→ **WHAT YOU NEED TO DO**
Only one portion of the data is to be written out: from the line bearing "#1737 = VERTEX_POINT('',#1738);" through the line bearing "#1994 = LINE('',#1995,#1996);". Write it exactly as it appears.

→ **STUDY MATERIAL**
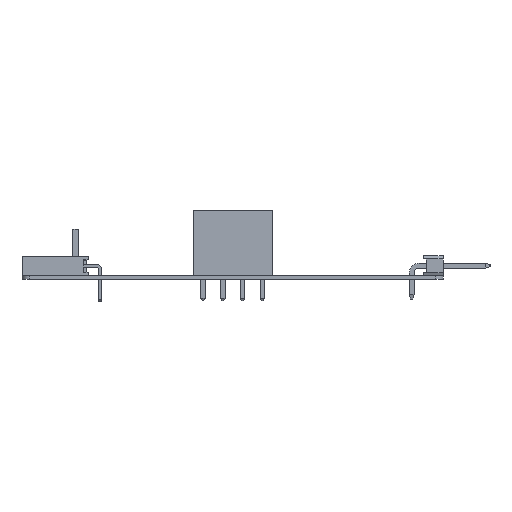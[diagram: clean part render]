
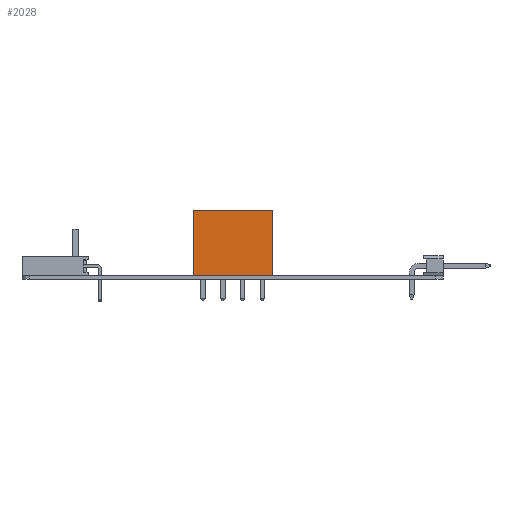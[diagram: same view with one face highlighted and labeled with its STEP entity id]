
A CAD part, front view. The second image highlights one B-rep face of the part: STEP entity #2028.
In plain terms, the highlighted planar face has unit normal (0, -1, 0).
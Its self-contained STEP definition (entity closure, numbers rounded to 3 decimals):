
#1736 = EDGE_CURVE('',#1737,#1739,#1741,.T.);
#1737 = VERTEX_POINT('',#1738);
#1738 = CARTESIAN_POINT('',(8.89,-1.27,8.4));
#1739 = VERTEX_POINT('',#1740);
#1740 = CARTESIAN_POINT('',(8.89,-1.27,0.));
#1741 = LINE('',#1742,#1743);
#1742 = CARTESIAN_POINT('',(8.89,-1.27,0.));
#1743 = VECTOR('',#1744,1.);
#1744 = DIRECTION('',(0.,0.,-1.));
#1833 = EDGE_CURVE('',#1834,#1737,#1836,.T.);
#1834 = VERTEX_POINT('',#1835);
#1835 = CARTESIAN_POINT('',(-1.27,-1.27,8.4));
#1836 = LINE('',#1837,#1838);
#1837 = CARTESIAN_POINT('',(0.,-1.27,8.4));
#1838 = VECTOR('',#1839,1.);
#1839 = DIRECTION('',(1.,0.,0.));
#1986 = VERTEX_POINT('',#1987);
#1987 = CARTESIAN_POINT('',(-1.27,-1.27,0.));
#1993 = EDGE_CURVE('',#1986,#1834,#1994,.T.);
#1994 = LINE('',#1995,#1996);
#1995 = CARTESIAN_POINT('',(-1.27,-1.27,0.));
#1996 = VECTOR('',#1997,1.);
#1997 = DIRECTION('',(0.,0.,1.));
#2028 = ADVANCED_FACE('',(#2029),#2040,.T.);
#2029 = FACE_BOUND('',#2030,.T.);
#2030 = EDGE_LOOP('',(#2031,#2032,#2033,#2039));
#2031 = ORIENTED_EDGE('',*,*,#1833,.F.);
#2032 = ORIENTED_EDGE('',*,*,#1993,.F.);
#2033 = ORIENTED_EDGE('',*,*,#2034,.T.);
#2034 = EDGE_CURVE('',#1986,#1739,#2035,.T.);
#2035 = LINE('',#2036,#2037);
#2036 = CARTESIAN_POINT('',(-1.27,-1.27,0.));
#2037 = VECTOR('',#2038,1.);
#2038 = DIRECTION('',(1.,0.,0.));
#2039 = ORIENTED_EDGE('',*,*,#1736,.F.);
#2040 = PLANE('',#2041);
#2041 = AXIS2_PLACEMENT_3D('',#2042,#2043,#2044);
#2042 = CARTESIAN_POINT('',(-1.27,-1.27,0.));
#2043 = DIRECTION('',(0.,-1.,0.));
#2044 = DIRECTION('',(0.,0.,-1.));

→ **SOLVED EXERCISE**
#1737 = VERTEX_POINT('',#1738);
#1738 = CARTESIAN_POINT('',(8.89,-1.27,8.4));
#1739 = VERTEX_POINT('',#1740);
#1740 = CARTESIAN_POINT('',(8.89,-1.27,0.));
#1741 = LINE('',#1742,#1743);
#1742 = CARTESIAN_POINT('',(8.89,-1.27,0.));
#1743 = VECTOR('',#1744,1.);
#1744 = DIRECTION('',(0.,0.,-1.));
#1833 = EDGE_CURVE('',#1834,#1737,#1836,.T.);
#1834 = VERTEX_POINT('',#1835);
#1835 = CARTESIAN_POINT('',(-1.27,-1.27,8.4));
#1836 = LINE('',#1837,#1838);
#1837 = CARTESIAN_POINT('',(0.,-1.27,8.4));
#1838 = VECTOR('',#1839,1.);
#1839 = DIRECTION('',(1.,0.,0.));
#1986 = VERTEX_POINT('',#1987);
#1987 = CARTESIAN_POINT('',(-1.27,-1.27,0.));
#1993 = EDGE_CURVE('',#1986,#1834,#1994,.T.);
#1994 = LINE('',#1995,#1996);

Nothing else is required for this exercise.